Collection entries:
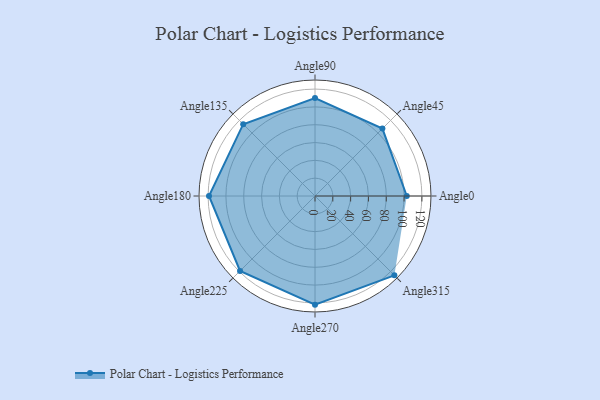
{"axis": {"x": "Angle", "y": "Radius"}, "legend": [""], "data": [{"x": "Angle0", "y": 103.0, "type": ""}, {"x": "Angle45", "y": 107.0, "type": ""}, {"x": "Angle90", "y": 110.0, "type": ""}, {"x": "Angle135", "y": 114.0, "type": ""}, {"x": "Angle180", "y": 119.0, "type": ""}, {"x": "Angle225", "y": 119.0, "type": ""}, {"x": "Angle270", "y": 122.0, "type": ""}, {"x": "Angle315", "y": 126.0, "type": ""}]}
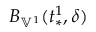
B _ { \mathbb { V } ^ { 1 } } ( t _ { * } ^ { 1 } , \delta )
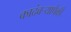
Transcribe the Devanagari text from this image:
कादंबऱ्यापैकी
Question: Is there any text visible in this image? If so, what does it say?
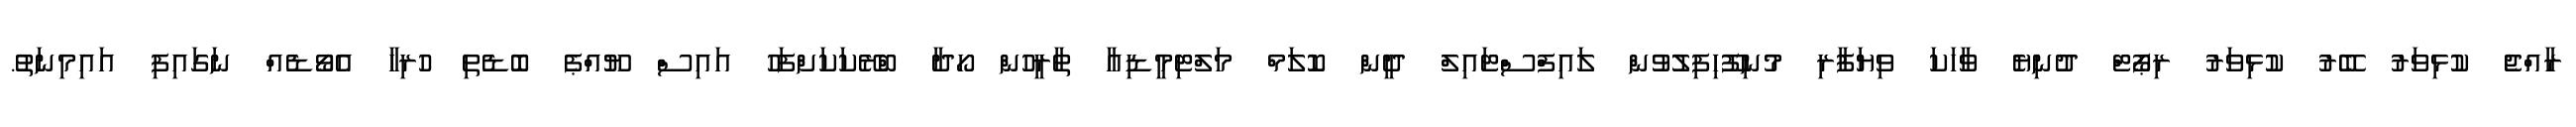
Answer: ރާއްޖެ ކުޅިވަރު ބޭރު ކުޅިވަރު ރިޕޯޓް ދުނިޔެ ވާހަކަ ވިޔަފާރި މުނިފޫހިފިލުވުން ލައިފްސްޓައިލް ދީން ކޮލަމް މަލްޓިމީޑިއާ ތާރީހުން ހޯދާ ބްރޭކަކަށްފަހު އައިސް ޔޫއްޕެ ބޮޑެތި ހުރިހާ އެވޯޑެއް ނަގައިފި އައިމިނަތު.
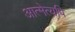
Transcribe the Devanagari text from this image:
आत्मेत्यपि
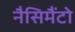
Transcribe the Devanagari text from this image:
नैसिमैंटो
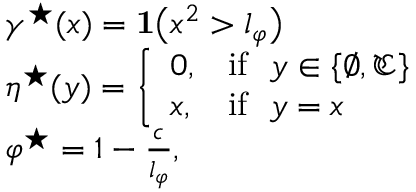
\begin{array} { r l } & { \gamma ^ { \star } ( x ) = \mathbf { 1 } \big ( x ^ { 2 } > l _ { \varphi } \big ) } \\ & { \eta ^ { \star } ( y ) = \left\{ \begin{array} { l l } { 0 , } & { \mathrm { i f } \ \ y \in \{ \varnothing , \mathfrak { C } \} } \\ { x , } & { \mathrm { i f } \ \ y = x } \end{array} \right. } \\ & { \varphi ^ { \star } = 1 - \frac { c } { l _ { \varphi } } , } \end{array}
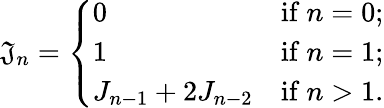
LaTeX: \mathfrak{J}_{n}={\left\{ \begin{array}{ll}{0}&{{\mathrm{if~}}n=0;}\\ {1}&{{\mathrm{if~}}n=1;}\\ {J_{n-1}+2J_{n-2}}&{{\mathrm{if~}}n>1.}\end{array}\right.}
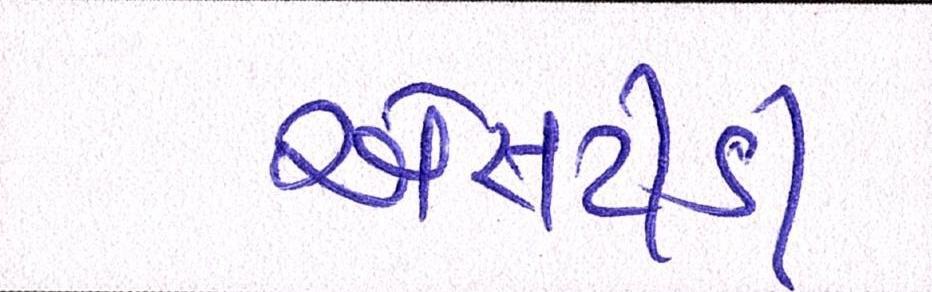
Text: એસટીડી
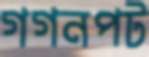
গগনপট
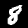
Digit: 8
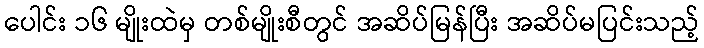
ပေါင်း ၁၆ မျိုးထဲမှ တစ်မျိုးစီတွင် အဆိပ်မြန်ပြီး အဆိပ်မပြင်းသည့်
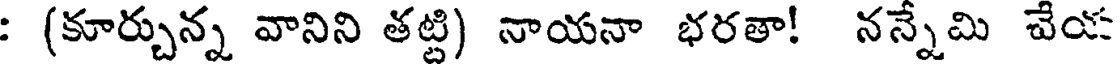
: (కూర్చున్న వానిని తట్టి) నాయనా భరతా! నన్నేమి చేయ
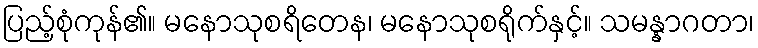
ပြည့်စုံကုန်၏။ မနောသုစရိတေန၊ မနောသုစရိုက်နှင့်။ သမန္နာဂတာ၊
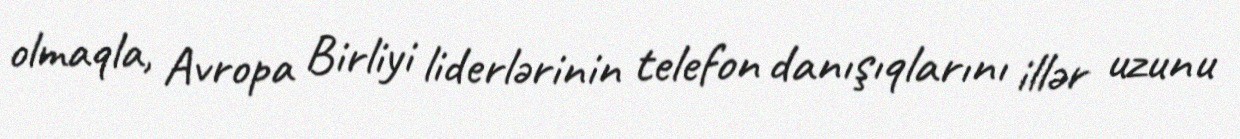
olmaqla, Avropa Birliyi liderlərinin telefon danışıqlarını illər uzunu
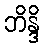
ဘိန္ဒိ
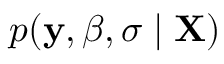
p ( \mathbf { y } , { \boldsymbol { \beta } } , \sigma \mid \mathbf { X } )
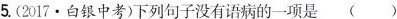
5.(2017.白银中考)下列句子没有语病的一项是 ()
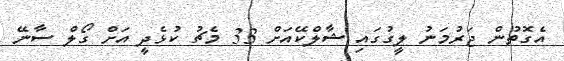
އެގޮތުން ޖަރުމަނު ލީގުގައި ޝާލްކޭއަށް 33 މެޗު ކުޅެދީ އަށް ގޯލް ސާނޭ
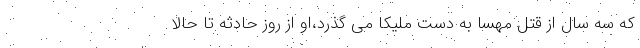
که سه سال از قتل مهسا به دست ملیکا می گذرد،او از روز حادثه تا حالا
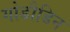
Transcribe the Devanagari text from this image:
गोडौडिन
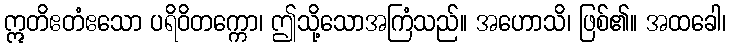
ဣတိဧတံဧသော ပရိဝိတက္ကော၊ ဤသို့သောအကြံသည်။ အဟောသိ၊ ဖြစ်၏။ အထခေါ၊
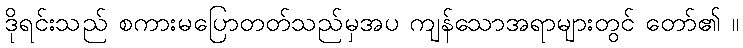
ဒိုရင်းသည် စကားမပြောတတ်သည်မှအပ ကျန်သောအရာများတွင် တော်၏ ။
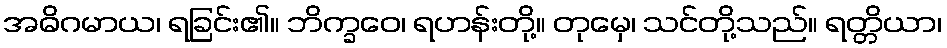
အဓိဂမာယ၊ ရခြင်း၏။ ဘိက္ခဝေ၊ ရဟန်းတို့။ တုမှေ၊ သင်တို့သည်။ ရတ္တိယာ၊
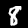
Digit: 8
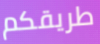
طريقكم
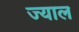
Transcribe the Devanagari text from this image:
ज्याल
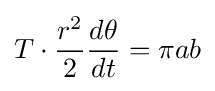
T\cdot {\frac {r^{2}}{2}}{\frac {d\theta }{dt}}=\pi ab
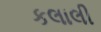
કલાલી
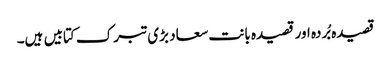
قصیدہ بُردہ اور قصیدہ بانت سعاد بڑی تبرک کتابیں ہیں۔
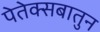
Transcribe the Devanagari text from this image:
पेतेक्सबातुन
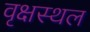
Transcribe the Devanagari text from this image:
वृक्षस्थल
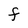
Character: F

§ YOUR OBJECTIVE
A word-for-word repeat of the lines from the line with "Answer: ރާއްޖެ ކުޅިވަރު" to the last line of the data, both ends included and pictures left out, is all that should appear.

§ ANSWER FOR THE TASK
Answer: ރާއްޖެ ކުޅިވަރު ބޭރު ކުޅިވަރު ރިޕޯޓް ދުނިޔެ ވާހަކަ ވިޔަފާރި މުނިފޫހިފިލުވުން ލައިފްސްޓައިލް ދީން ކޮލަމް މަލްޓިމީޑިއާ ތާރީހުން ހޯދާ ބްރޭކަކަށްފަހު އައިސް ޔޫއްޕެ ބޮޑެތި ހުރިހާ އެވޯޑެއް ނަގައިފި އައިމިނަތު.
Transcribe the Devanagari text from this image:
आत्मेत्यपि
Transcribe the Devanagari text from this image:
नैसिमैंटो
\begin{array} { r l } & { \gamma ^ { \star } ( x ) = \mathbf { 1 } \big ( x ^ { 2 } > l _ { \varphi } \big ) } \\ & { \eta ^ { \star } ( y ) = \left\{ \begin{array} { l l } { 0 , } & { \mathrm { i f } \ \ y \in \{ \varnothing , \mathfrak { C } \} } \\ { x , } & { \mathrm { i f } \ \ y = x } \end{array} \right. } \\ & { \varphi ^ { \star } = 1 - \frac { c } { l _ { \varphi } } , } \end{array}
LaTeX: \mathfrak{J}_{n}={\left\{ \begin{array}{ll}{0}&{{\mathrm{if~}}n=0;}\\ {1}&{{\mathrm{if~}}n=1;}\\ {J_{n-1}+2J_{n-2}}&{{\mathrm{if~}}n>1.}\end{array}\right.}
Text: એસટીડી
গগনপট
Digit: 8
ပေါင်း ၁၆ မျိုးထဲမှ တစ်မျိုးစီတွင် အဆိပ်မြန်ပြီး အဆိပ်မပြင်းသည့်
: (కూర్చున్న వానిని తట్టి) నాయనా భరతా! నన్నేమి చేయ
ပြည့်စုံကုန်၏။ မနောသုစရိတေန၊ မနောသုစရိုက်နှင့်။ သမန္နာဂတာ၊
olmaqla, Avropa Birliyi liderlərinin telefon danışıqlarını illər uzunu
ဘိန္ဒိ
p ( \mathbf { y } , { \boldsymbol { \beta } } , \sigma \mid \mathbf { X } )
5.(2017.白银中考)下列句子没有语病的一项是 ()
އެގޮތުން ޖަރުމަނު ލީގުގައި ޝާލްކޭއަށް 33 މެޗު ކުޅެދީ އަށް ގޯލް ސާނޭ
که سه سال از قتل مهسا به دست ملیکا می گذرد،او از روز حادثه تا حالا
Transcribe the Devanagari text from this image:
गोडौडिन
ဣတိဧတံဧသော ပရိဝိတက္ကော၊ ဤသို့သောအကြံသည်။ အဟောသိ၊ ဖြစ်၏။ အထခေါ၊
ဒိုရင်းသည် စကားမပြောတတ်သည်မှအပ ကျန်သောအရာများတွင် တော်၏ ။
အဓိဂမာယ၊ ရခြင်း၏။ ဘိက္ခဝေ၊ ရဟန်းတို့။ တုမှေ၊ သင်တို့သည်။ ရတ္တိယာ၊
Digit: 8
طريقكم
Transcribe the Devanagari text from this image:
ज्याल
T\cdot {\frac {r^{2}}{2}}{\frac {d\theta }{dt}}=\pi ab
કલાલી
قصیدہ بُردہ اور قصیدہ بانت سعاد بڑی تبرک کتابیں ہیں۔
Transcribe the Devanagari text from this image:
पेतेक्सबातुन
Transcribe the Devanagari text from this image:
वृक्षस्थल
Character: F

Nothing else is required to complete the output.